FCA, based in Lawrence, Kan., filed its reorganization plan with the U.S. Bankruptcy Court Judge John Flannagan in Kansas City, Kan. Contributing to the co-op's financial problems were the depressed agricultural economy, dwindling federal subsidies, elimination of crop-storage programs and declining sales. The co-op's sales totaled $76.2 million in 1997, $62.7 million in 1999, and will drop further for 2000.

CoBank the co-op's largest creditor, holding $10 million of the co-op's $20 million in debt appointed Don Dumler as FCA chief operating officer and president after his predecessor was dismissed in June. Dumler said the cooperative already has sold some of its facilities and will eliminate or transfer some of its 130 employees.

At one point, the cooperative had to stop buying grain for lack of money to pay for it. But limited purchases from FCA's 3,500 members in northeastern Kansas have resumed, to the extent that cash has been available. The co-op reported having 3.5 million bushels of grain in storage and $30 million in assets. Reorganization is expected to take months to accomplish.

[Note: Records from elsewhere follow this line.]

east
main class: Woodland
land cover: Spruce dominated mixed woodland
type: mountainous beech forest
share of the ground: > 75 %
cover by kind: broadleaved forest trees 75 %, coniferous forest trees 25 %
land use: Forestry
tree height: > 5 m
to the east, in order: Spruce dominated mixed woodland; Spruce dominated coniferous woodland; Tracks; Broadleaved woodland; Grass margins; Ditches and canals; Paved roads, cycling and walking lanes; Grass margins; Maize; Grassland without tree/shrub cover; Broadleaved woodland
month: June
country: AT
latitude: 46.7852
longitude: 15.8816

Gold Kist offers skillet meals
Gold-Kist, an Atlanta-based poultry processing cooperative, has introduced a new line of "Dish in a Dash" skillet meals. The fully cooked dinners feature all-natural chicken with vegetables, gourmet sauce and rice or pasta. "The nutritious, single-step dinners are convenient meal solutions that today's consumer demands," says John Bekkers, Gold Kist president and chief operating officer. The dual servings in a 24-ounce bag can be prepared in minutes in a skillet or microwave.

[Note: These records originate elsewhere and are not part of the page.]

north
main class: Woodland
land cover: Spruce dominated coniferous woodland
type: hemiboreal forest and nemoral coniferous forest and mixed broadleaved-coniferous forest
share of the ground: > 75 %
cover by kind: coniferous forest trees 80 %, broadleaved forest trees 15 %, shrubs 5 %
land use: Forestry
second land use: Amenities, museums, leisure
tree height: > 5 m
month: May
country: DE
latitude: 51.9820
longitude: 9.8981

Sugarbeet co-op eyes purchase of Western Sugar
Rocky Mountain Sugar Growers Cooperative (RMSGC) has signed a letter of intent to pay $78 million to buy Western Sugar Co.'s six sugarbeet processing plants. Western Sugar is owned by a subsidiary of Tate and Lyle LLC, an Engish firm that purchased the plants in 1980 from the holdings of the bankrupt Great Western Sugar Co.



Rocky Mountain Sugar Growers is pursuing the purchase of six Western Sugar plants.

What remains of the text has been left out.